■ DIRECTIONS
Reproduce each record exactly.

===== SOURCE MATERIAL

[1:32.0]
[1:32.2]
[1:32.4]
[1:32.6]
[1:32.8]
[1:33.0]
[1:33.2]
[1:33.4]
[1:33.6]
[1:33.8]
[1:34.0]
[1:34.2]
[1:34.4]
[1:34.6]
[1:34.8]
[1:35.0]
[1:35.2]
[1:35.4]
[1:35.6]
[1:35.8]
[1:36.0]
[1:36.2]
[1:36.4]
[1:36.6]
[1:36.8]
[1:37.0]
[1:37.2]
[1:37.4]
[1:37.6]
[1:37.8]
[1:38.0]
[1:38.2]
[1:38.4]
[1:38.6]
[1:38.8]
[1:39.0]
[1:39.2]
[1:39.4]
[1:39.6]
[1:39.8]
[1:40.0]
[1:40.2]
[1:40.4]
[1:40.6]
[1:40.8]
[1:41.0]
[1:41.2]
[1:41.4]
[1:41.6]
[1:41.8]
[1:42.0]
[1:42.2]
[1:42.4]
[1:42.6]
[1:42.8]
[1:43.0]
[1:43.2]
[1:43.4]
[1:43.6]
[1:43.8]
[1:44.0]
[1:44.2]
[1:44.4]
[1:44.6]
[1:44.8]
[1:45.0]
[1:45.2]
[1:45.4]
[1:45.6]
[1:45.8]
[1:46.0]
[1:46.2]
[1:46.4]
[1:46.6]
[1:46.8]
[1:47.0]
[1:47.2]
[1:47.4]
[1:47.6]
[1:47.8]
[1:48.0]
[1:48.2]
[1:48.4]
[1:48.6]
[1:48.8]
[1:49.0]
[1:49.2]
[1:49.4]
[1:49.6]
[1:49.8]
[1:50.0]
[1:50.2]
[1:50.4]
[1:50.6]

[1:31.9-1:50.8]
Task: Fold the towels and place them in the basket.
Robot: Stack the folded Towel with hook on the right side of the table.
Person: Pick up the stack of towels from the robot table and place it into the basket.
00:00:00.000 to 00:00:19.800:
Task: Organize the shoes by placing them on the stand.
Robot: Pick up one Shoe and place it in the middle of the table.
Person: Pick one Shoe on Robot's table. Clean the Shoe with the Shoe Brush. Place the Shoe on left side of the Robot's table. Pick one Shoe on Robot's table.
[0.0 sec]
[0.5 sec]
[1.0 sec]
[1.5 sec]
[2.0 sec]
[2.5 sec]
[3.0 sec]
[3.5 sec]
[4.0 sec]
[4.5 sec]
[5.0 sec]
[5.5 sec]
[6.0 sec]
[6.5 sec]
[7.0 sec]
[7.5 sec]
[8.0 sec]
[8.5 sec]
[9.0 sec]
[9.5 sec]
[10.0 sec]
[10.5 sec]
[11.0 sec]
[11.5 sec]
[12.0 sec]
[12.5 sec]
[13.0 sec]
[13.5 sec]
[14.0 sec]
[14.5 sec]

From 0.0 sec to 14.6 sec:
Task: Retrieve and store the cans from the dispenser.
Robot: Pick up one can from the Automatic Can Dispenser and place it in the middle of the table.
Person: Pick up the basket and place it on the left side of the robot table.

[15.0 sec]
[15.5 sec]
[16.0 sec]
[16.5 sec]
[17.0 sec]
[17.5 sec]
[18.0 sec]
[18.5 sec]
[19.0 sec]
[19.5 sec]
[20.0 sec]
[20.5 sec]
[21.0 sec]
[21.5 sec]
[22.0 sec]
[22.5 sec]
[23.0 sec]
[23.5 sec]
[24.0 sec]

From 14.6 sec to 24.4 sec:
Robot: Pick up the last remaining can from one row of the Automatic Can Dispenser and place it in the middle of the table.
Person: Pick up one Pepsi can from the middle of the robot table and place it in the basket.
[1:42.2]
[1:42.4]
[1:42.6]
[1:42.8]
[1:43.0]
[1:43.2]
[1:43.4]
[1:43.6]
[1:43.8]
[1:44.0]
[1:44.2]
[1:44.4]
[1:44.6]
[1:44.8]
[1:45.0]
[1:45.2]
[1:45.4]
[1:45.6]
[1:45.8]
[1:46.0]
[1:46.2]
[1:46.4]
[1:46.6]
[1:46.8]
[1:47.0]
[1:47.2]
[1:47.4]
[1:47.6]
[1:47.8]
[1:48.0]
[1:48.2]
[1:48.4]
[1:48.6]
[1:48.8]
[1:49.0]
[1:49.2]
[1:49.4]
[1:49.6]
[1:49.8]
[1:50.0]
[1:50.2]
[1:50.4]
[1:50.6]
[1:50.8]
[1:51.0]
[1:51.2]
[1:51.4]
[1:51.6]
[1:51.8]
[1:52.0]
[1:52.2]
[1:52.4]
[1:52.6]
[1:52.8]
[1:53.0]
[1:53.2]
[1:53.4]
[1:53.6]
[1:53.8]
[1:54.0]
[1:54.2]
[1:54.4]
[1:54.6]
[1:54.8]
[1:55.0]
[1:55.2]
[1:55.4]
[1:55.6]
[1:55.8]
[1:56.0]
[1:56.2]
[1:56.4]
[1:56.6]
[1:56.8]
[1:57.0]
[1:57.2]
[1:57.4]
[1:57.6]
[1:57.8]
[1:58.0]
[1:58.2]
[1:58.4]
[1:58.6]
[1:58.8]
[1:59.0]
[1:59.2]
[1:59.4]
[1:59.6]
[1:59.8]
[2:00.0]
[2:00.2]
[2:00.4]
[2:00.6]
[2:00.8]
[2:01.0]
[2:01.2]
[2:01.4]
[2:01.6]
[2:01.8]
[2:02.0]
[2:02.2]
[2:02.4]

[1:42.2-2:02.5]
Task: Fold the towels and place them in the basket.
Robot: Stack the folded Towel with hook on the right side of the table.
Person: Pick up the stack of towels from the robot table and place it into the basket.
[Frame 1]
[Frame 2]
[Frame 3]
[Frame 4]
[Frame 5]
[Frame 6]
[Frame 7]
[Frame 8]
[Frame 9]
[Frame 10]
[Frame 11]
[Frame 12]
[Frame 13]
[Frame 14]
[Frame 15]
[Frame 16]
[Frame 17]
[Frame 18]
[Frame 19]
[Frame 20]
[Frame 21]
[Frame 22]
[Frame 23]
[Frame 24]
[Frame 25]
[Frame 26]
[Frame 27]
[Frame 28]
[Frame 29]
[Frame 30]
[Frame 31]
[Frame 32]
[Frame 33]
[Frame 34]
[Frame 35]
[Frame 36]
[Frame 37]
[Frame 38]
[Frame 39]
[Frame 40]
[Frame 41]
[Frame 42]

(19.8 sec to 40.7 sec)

==========

■ COMPLETED TASK
[1:32.0]
[1:32.2]
[1:32.4]
[1:32.6]
[1:32.8]
[1:33.0]
[1:33.2]
[1:33.4]
[1:33.6]
[1:33.8]
[1:34.0]
[1:34.2]
[1:34.4]
[1:34.6]
[1:34.8]
[1:35.0]
[1:35.2]
[1:35.4]
[1:35.6]
[1:35.8]
[1:36.0]
[1:36.2]
[1:36.4]
[1:36.6]
[1:36.8]
[1:37.0]
[1:37.2]
[1:37.4]
[1:37.6]
[1:37.8]
[1:38.0]
[1:38.2]
[1:38.4]
[1:38.6]
[1:38.8]
[1:39.0]
[1:39.2]
[1:39.4]
[1:39.6]
[1:39.8]
[1:40.0]
[1:40.2]
[1:40.4]
[1:40.6]
[1:40.8]
[1:41.0]
[1:41.2]
[1:41.4]
[1:41.6]
[1:41.8]
[1:42.0]
[1:42.2]
[1:42.4]
[1:42.6]
[1:42.8]
[1:43.0]
[1:43.2]
[1:43.4]
[1:43.6]
[1:43.8]
[1:44.0]
[1:44.2]
[1:44.4]
[1:44.6]
[1:44.8]
[1:45.0]
[1:45.2]
[1:45.4]
[1:45.6]
[1:45.8]
[1:46.0]
[1:46.2]
[1:46.4]
[1:46.6]
[1:46.8]
[1:47.0]
[1:47.2]
[1:47.4]
[1:47.6]
[1:47.8]
[1:48.0]
[1:48.2]
[1:48.4]
[1:48.6]
[1:48.8]
[1:49.0]
[1:49.2]
[1:49.4]
[1:49.6]
[1:49.8]
[1:50.0]
[1:50.2]
[1:50.4]
[1:50.6]

[1:31.9-1:50.8]
Task: Fold the towels and place them in the basket.
Robot: Stack the folded Towel with hook on the right side of the table.
Person: Pick up the stack of towels from the robot table and place it into the basket.
00:00:00.000 to 00:00:19.800:
Task: Organize the shoes by placing them on the stand.
Robot: Pick up one Shoe and place it in the middle of the table.
Person: Pick one Shoe on Robot's table. Clean the Shoe with the Shoe Brush. Place the Shoe on left side of the Robot's table. Pick one Shoe on Robot's table.
[0.0 sec]
[0.5 sec]
[1.0 sec]
[1.5 sec]
[2.0 sec]
[2.5 sec]
[3.0 sec]
[3.5 sec]
[4.0 sec]
[4.5 sec]
[5.0 sec]
[5.5 sec]
[6.0 sec]
[6.5 sec]
[7.0 sec]
[7.5 sec]
[8.0 sec]
[8.5 sec]
[9.0 sec]
[9.5 sec]
[10.0 sec]
[10.5 sec]
[11.0 sec]
[11.5 sec]
[12.0 sec]
[12.5 sec]
[13.0 sec]
[13.5 sec]
[14.0 sec]
[14.5 sec]

From 0.0 sec to 14.6 sec:
Task: Retrieve and store the cans from the dispenser.
Robot: Pick up one can from the Automatic Can Dispenser and place it in the middle of the table.
Person: Pick up the basket and place it on the left side of the robot table.

[15.0 sec]
[15.5 sec]
[16.0 sec]
[16.5 sec]
[17.0 sec]
[17.5 sec]
[18.0 sec]
[18.5 sec]
[19.0 sec]
[19.5 sec]
[20.0 sec]
[20.5 sec]
[21.0 sec]
[21.5 sec]
[22.0 sec]
[22.5 sec]
[23.0 sec]
[23.5 sec]
[24.0 sec]

From 14.6 sec to 24.4 sec:
Robot: Pick up the last remaining can from one row of the Automatic Can Dispenser and place it in the middle of the table.
Person: Pick up one Pepsi can from the middle of the robot table and place it in the basket.
[1:42.2]
[1:42.4]
[1:42.6]
[1:42.8]
[1:43.0]
[1:43.2]
[1:43.4]
[1:43.6]
[1:43.8]
[1:44.0]
[1:44.2]
[1:44.4]
[1:44.6]
[1:44.8]
[1:45.0]
[1:45.2]
[1:45.4]
[1:45.6]
[1:45.8]
[1:46.0]
[1:46.2]
[1:46.4]
[1:46.6]
[1:46.8]
[1:47.0]
[1:47.2]
[1:47.4]
[1:47.6]
[1:47.8]
[1:48.0]
[1:48.2]
[1:48.4]
[1:48.6]
[1:48.8]
[1:49.0]
[1:49.2]
[1:49.4]
[1:49.6]
[1:49.8]
[1:50.0]
[1:50.2]
[1:50.4]
[1:50.6]
[1:50.8]
[1:51.0]
[1:51.2]
[1:51.4]
[1:51.6]
[1:51.8]
[1:52.0]
[1:52.2]
[1:52.4]
[1:52.6]
[1:52.8]
[1:53.0]
[1:53.2]
[1:53.4]
[1:53.6]
[1:53.8]
[1:54.0]
[1:54.2]
[1:54.4]
[1:54.6]
[1:54.8]
[1:55.0]
[1:55.2]
[1:55.4]
[1:55.6]
[1:55.8]
[1:56.0]
[1:56.2]
[1:56.4]
[1:56.6]
[1:56.8]
[1:57.0]
[1:57.2]
[1:57.4]
[1:57.6]
[1:57.8]
[1:58.0]
[1:58.2]
[1:58.4]
[1:58.6]
[1:58.8]
[1:59.0]
[1:59.2]
[1:59.4]
[1:59.6]
[1:59.8]
[2:00.0]
[2:00.2]
[2:00.4]
[2:00.6]
[2:00.8]
[2:01.0]
[2:01.2]
[2:01.4]
[2:01.6]
[2:01.8]
[2:02.0]
[2:02.2]
[2:02.4]

[1:42.2-2:02.5]
Task: Fold the towels and place them in the basket.
Robot: Stack the folded Towel with hook on the right side of the table.
Person: Pick up the stack of towels from the robot table and place it into the basket.
[Frame 1]
[Frame 2]
[Frame 3]
[Frame 4]
[Frame 5]
[Frame 6]
[Frame 7]
[Frame 8]
[Frame 9]
[Frame 10]
[Frame 11]
[Frame 12]
[Frame 13]
[Frame 14]
[Frame 15]
[Frame 16]
[Frame 17]
[Frame 18]
[Frame 19]
[Frame 20]
[Frame 21]
[Frame 22]
[Frame 23]
[Frame 24]
[Frame 25]
[Frame 26]
[Frame 27]
[Frame 28]
[Frame 29]
[Frame 30]
[Frame 31]
[Frame 32]
[Frame 33]
[Frame 34]
[Frame 35]
[Frame 36]
[Frame 37]
[Frame 38]
[Frame 39]
[Frame 40]
[Frame 41]
[Frame 42]

(19.8 sec to 40.7 sec)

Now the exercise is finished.